Growing up I was captivated by massive structures, wondering how they were designed and built. This interest in how things work and fit together likely contributed to my decision to pursue a career in engineering. After graduating, I started an internship with a firm associated with building science - a huge field which combines physics, chemistry, engineering, architecture and metallurgy. Every passing day there is technological advancement in some aspect of our lives and building science is no different. I was primarily responsible for developing human machine interfacing for a building belonging to one of their clients. This was a fascinating role in which I discovered that new generation buildings are well stacked with modern technology and autonomous circuitry, and can be controlled with a small box called a “PLC” - or programmable logic controller. I felt lucky to have the opportunity to learn about these exciting developments “on-the-job”, as this was something that I never learned in school.

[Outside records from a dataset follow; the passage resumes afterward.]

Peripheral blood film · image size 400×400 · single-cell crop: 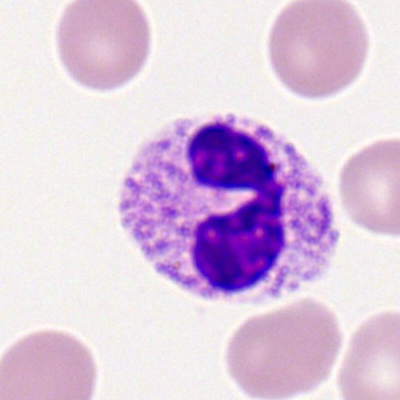Q: What is the morphological classification of this cell?
A: It is a polymorphonuclear neutrophil.
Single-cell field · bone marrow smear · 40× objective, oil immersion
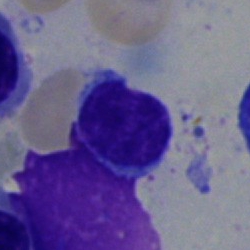Showing a lymphocyte.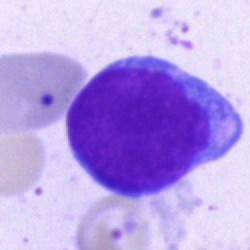An undifferentiated blast on a bone marrow smear.
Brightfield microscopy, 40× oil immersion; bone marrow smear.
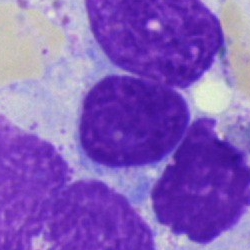 Morphology consistent with an artifact.
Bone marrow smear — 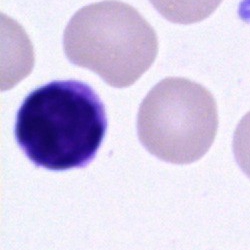 Morphology — typical lymphocyte.
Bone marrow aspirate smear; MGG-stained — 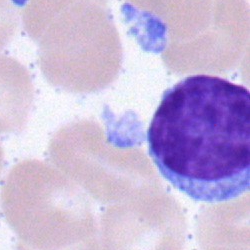This is a lymphocyte.
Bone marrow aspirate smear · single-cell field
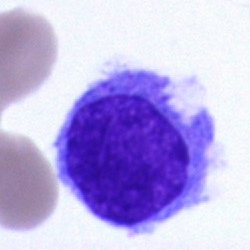 Cell type — blast.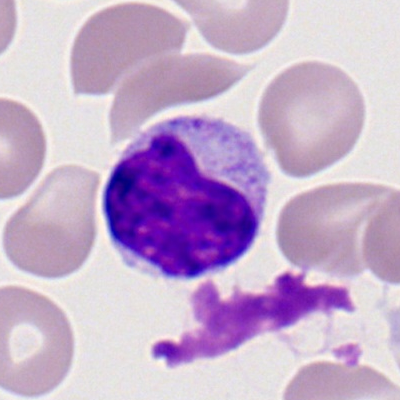Impression — typical lymphocyte.
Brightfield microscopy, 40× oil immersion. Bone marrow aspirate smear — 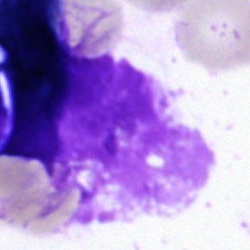

Q: What is shown here?
A: This is an artifact.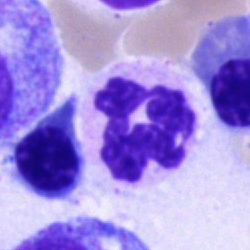 Showing a polymorphonuclear neutrophil.
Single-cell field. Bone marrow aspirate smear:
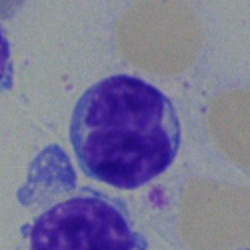This is a typical lymphocyte.
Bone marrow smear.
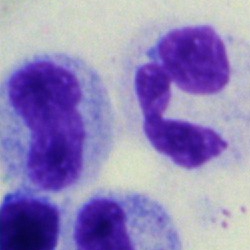
Cell: neutrophil (segmented).
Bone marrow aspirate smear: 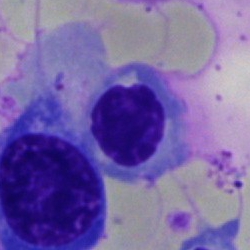
A nucleated red cell.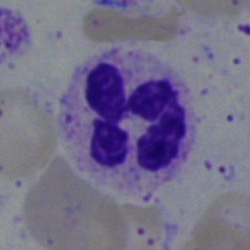
Q: What cell is this?
A: It is a neutrophil (segmented).
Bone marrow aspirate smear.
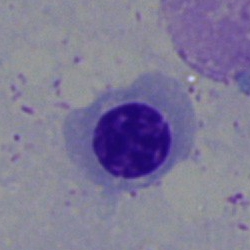Morphological class = nucleated red cell.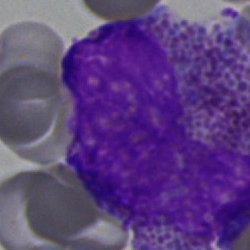Eosinophil.
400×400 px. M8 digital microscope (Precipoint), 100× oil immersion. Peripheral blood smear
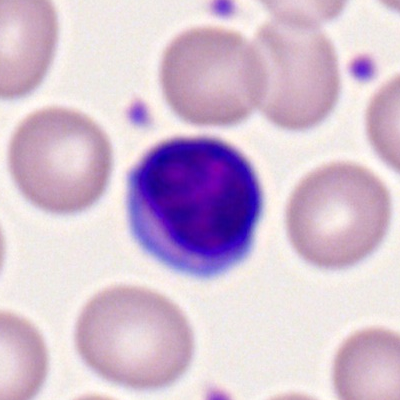
This is a lymphocyte.
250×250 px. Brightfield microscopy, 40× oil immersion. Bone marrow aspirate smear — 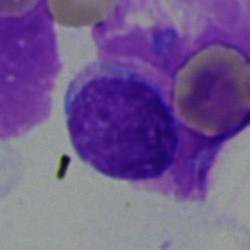 Classification: lymphocyte.
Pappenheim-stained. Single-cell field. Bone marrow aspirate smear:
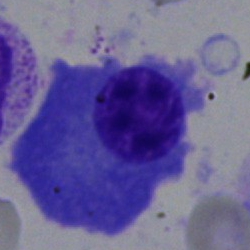

Impression — plasmacyte.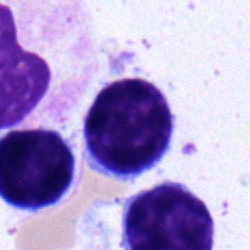

The cell type is typical lymphocyte.
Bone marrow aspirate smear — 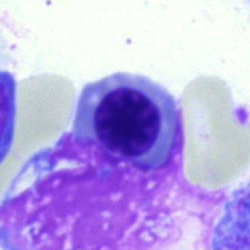

Q: Which cell type is shown here?
A: This is a nucleated red blood cell.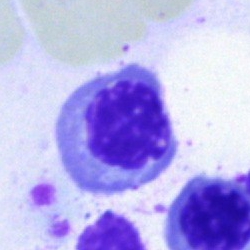{"cell_type": "normoblast", "lineage": "erythroid"}
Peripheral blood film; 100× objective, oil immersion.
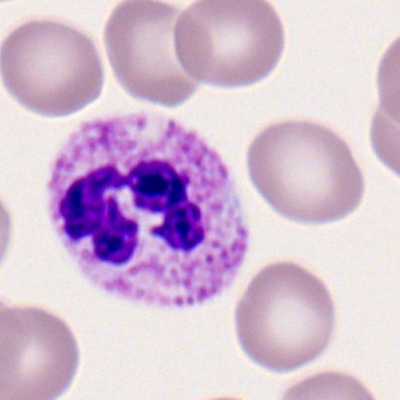Morphology consistent with a segmented neutrophil.
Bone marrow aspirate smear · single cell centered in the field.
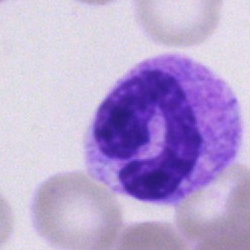 Impression → neutrophil (segmented).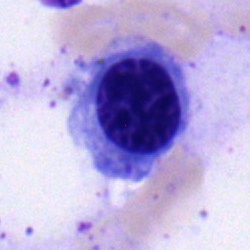

Q: Identify the cell.
A: It is an erythroblast.
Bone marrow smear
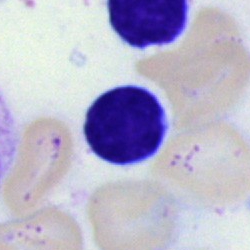 The cell shown is a typical lymphocyte.
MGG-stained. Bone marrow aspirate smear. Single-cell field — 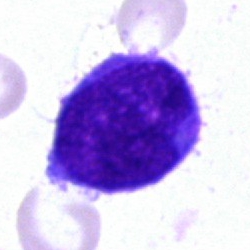Single cell identified as a blast.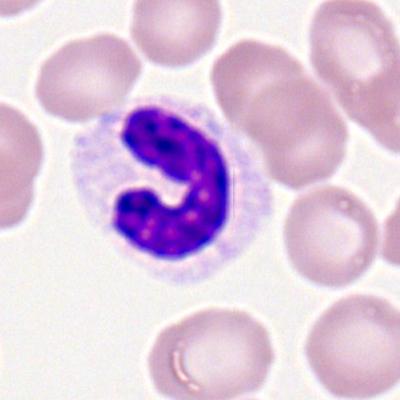

Showing a band neutrophil.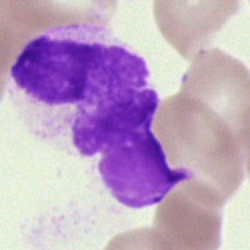
This is an artifact.
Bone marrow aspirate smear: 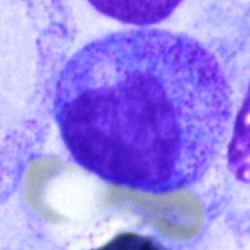 The morphological class is promyelocyte.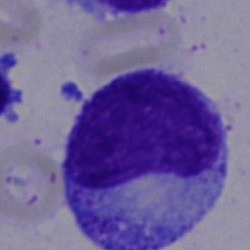
Bone marrow aspirate smear, single cell — metamyelocyte.
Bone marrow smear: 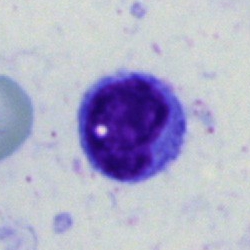Cell type — lymphocyte.
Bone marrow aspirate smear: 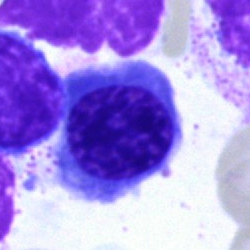A nucleated red blood cell.
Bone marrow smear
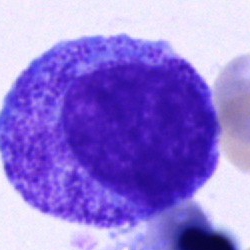
Morphology — promyelocyte.

My studies tended to be more theoretical in nature, so it was incredibly refreshing and interesting to learn how real world problems are being solved in industry today.

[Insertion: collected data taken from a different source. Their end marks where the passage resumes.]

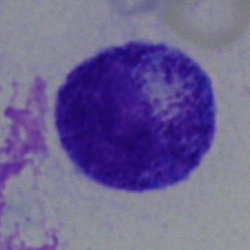
{"cell_type": "promyelocyte"}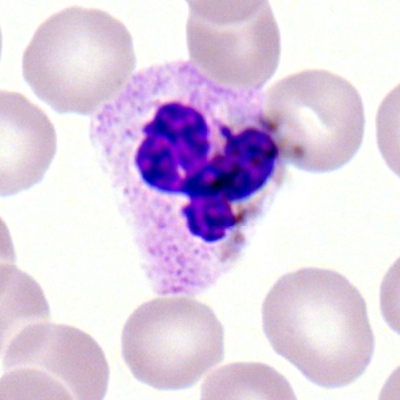 Showing a neutrophil (segmented).
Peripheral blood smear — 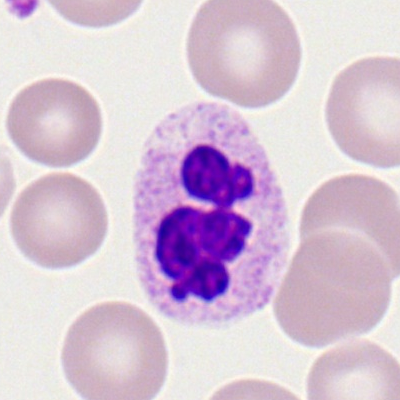 The cell is segmented neutrophil.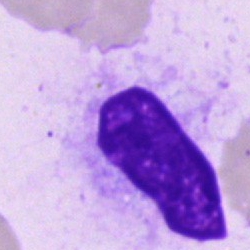
Specimen: bone marrow smear.
Cell type: artifact.
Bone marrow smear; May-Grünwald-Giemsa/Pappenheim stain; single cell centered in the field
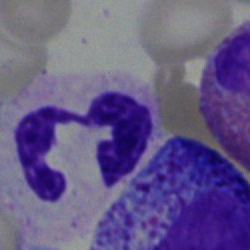

Q: What type of cell is this?
A: It is a polymorphonuclear neutrophil.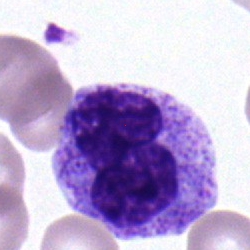 Metamyelocyte.
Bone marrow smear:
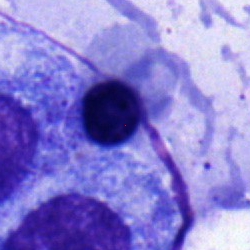
{"cell_type": "nucleated red blood cell", "lineage": "erythroid"}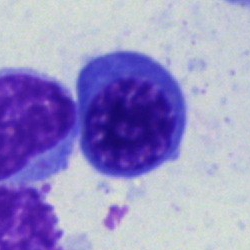

Classification = nucleated red cell.
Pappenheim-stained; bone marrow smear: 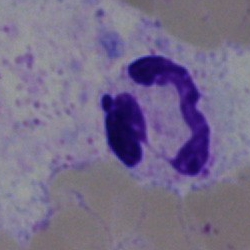

Specimen: bone marrow aspirate smear.
Cell type: segmented neutrophil.
Lineage: myeloid.
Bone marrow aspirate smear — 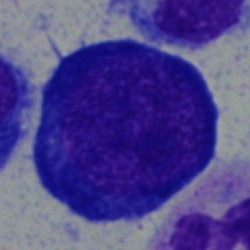 Single cell identified as a pronormoblast.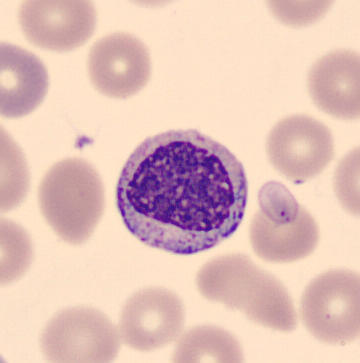

Acquisition: Peripheral blood smear · automated cell imaging (CellaVision DM96).

Impression — myelocyte.
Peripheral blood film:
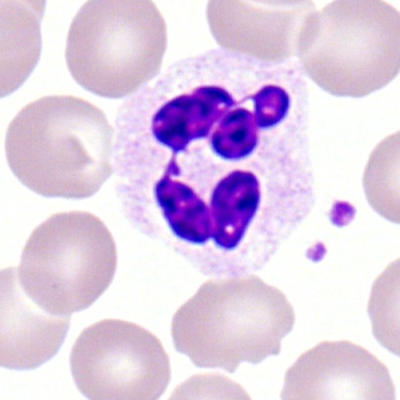

Morphology consistent with a polymorphonuclear neutrophil.
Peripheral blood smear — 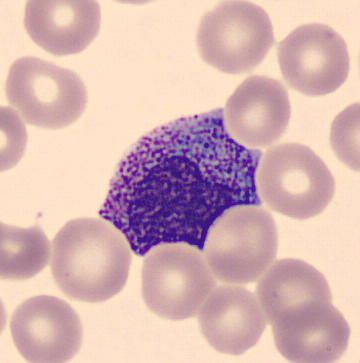 Identified as a metamyelocyte.
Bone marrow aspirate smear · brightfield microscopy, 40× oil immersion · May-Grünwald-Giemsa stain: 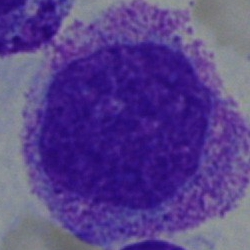Morphology consistent with a promyelocyte.
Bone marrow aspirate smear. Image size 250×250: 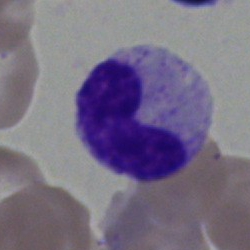

The cell shown is a band neutrophil.
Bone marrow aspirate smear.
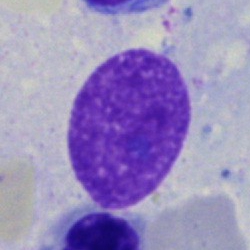 Cell type: artifact.
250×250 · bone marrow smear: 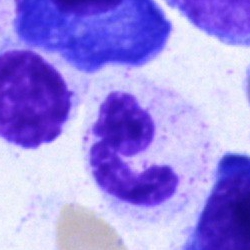

A segmented neutrophil.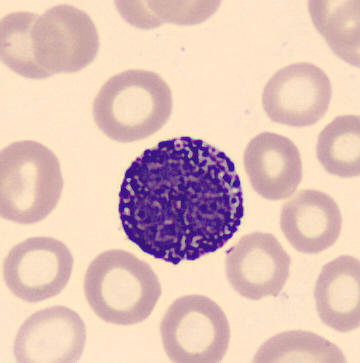

Morphology — basophilic granulocyte.
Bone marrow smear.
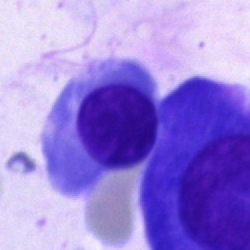Cell — erythroblast.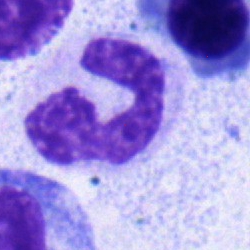

Specimen: bone marrow smear.
Cell type: neutrophil (band).
Lineage: myeloid.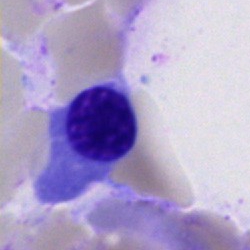
A nucleated red blood cell on a bone marrow smear.

Upon completing my masters I had been further exposed to the field of engineering and design, this experience opened my eyes to the vast world of the building science. I joined SMT research and was amazed that building roof leaks can actually be detected way before they start leaking. I have never seen anything like that before and I was excited to learn more. As a working engineer, it is gratifying to have the opportunity to dig down into the physics of the tools we use - nothing makes me happier than finding a new and more efficient way of doing things.

While my studies prepared me well for programming circuit boards and designing products, I was less familiar with the necessity of sourcing components. It will surprise none of you to read that I soon ran into problems with the global chip shortage in the market of electronics. SMT’s custom sensors and data-loggers are built to be flexible in terms of their application, which requires sourcing components that play well with other. We have radio module that is used to communicate wirelessly for several distance nodes, it turned out to be discontinued by the manufacturer. This could have been a major setback had SMT not prepared mitigation strategies for this kind of supply chain issue. I was ably to draw on my own experience and learn from colleagues about how to find alternatives. Of course, this meant also thinking about the cost of components, lead times, and many other production logistics that can often escape the mind of a designer.

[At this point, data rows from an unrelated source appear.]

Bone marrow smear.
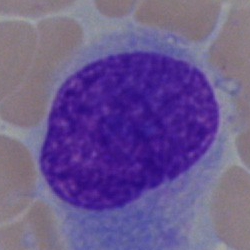Cell type = undifferentiated blast.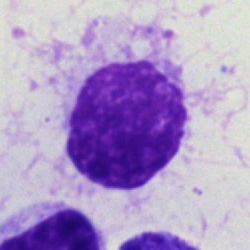

The cell shown is an artifact.
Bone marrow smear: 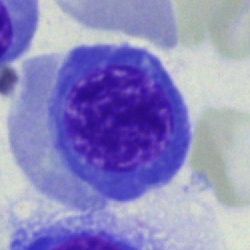
Classification: erythroblast.
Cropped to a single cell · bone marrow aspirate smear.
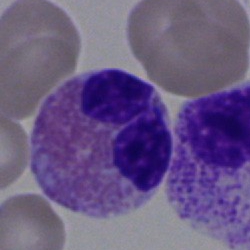 The classification is eosinophilic granulocyte.
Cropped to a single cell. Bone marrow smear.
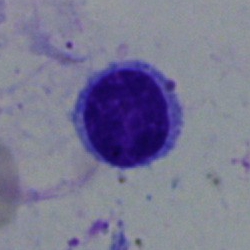

The cell shown is a typical lymphocyte.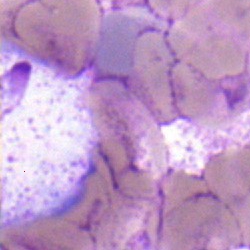 Q: Which cell type is shown here?
A: It is a neutrophil (segmented).
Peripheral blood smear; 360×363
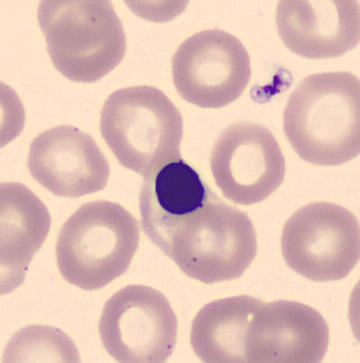
Specimen: peripheral blood film.
Morphological class: nucleated red cell.
Lineage: erythroid.
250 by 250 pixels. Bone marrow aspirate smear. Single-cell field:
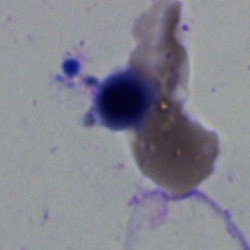
Morphology → erythroblast.
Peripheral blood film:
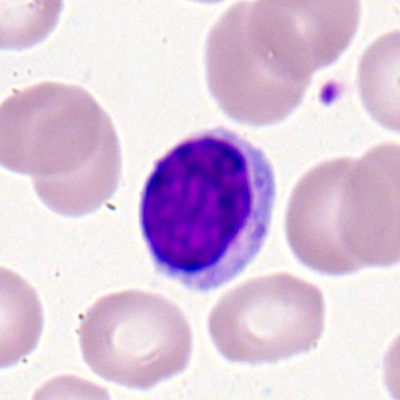Specimen: peripheral blood film.
Classification: typical lymphocyte.
Lineage: lymphoid.
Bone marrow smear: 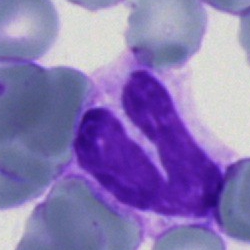
Q: What type of cell is this?
A: Neutrophil (band).

Being well organised is very important when you are studying, however this is nothing compared to the requirements of being part of an engineering department. Not only do I personally need to keep my own work-space and documentation organised, but I must also be aware that I am part of a larger department and company, and my work contributes to greater goals. In practice, I found that this means labelling documents in a consistent manner, uploading them to the correct place, and keeping in the loop with my colleagues through stand-up meetings. In college I was part of many group projects, however these are usually short-term and focussed. In my on the job learning, I have found that it takes a focussed effort to stay organised over the long term - the payoff is that I am able to access my past work easily, and department-wide efforts move along much more smoothly.

Overall, the main thing I have learned is that it is an engineer’s job to never stop learning. There are always new developments in industry, new techniques, and new skills that one can acquire. I am very thankful for the excellent education I received in my undergraduate and masters, they gave me the theory and training to enter into the work-place, where I now study at the university of life!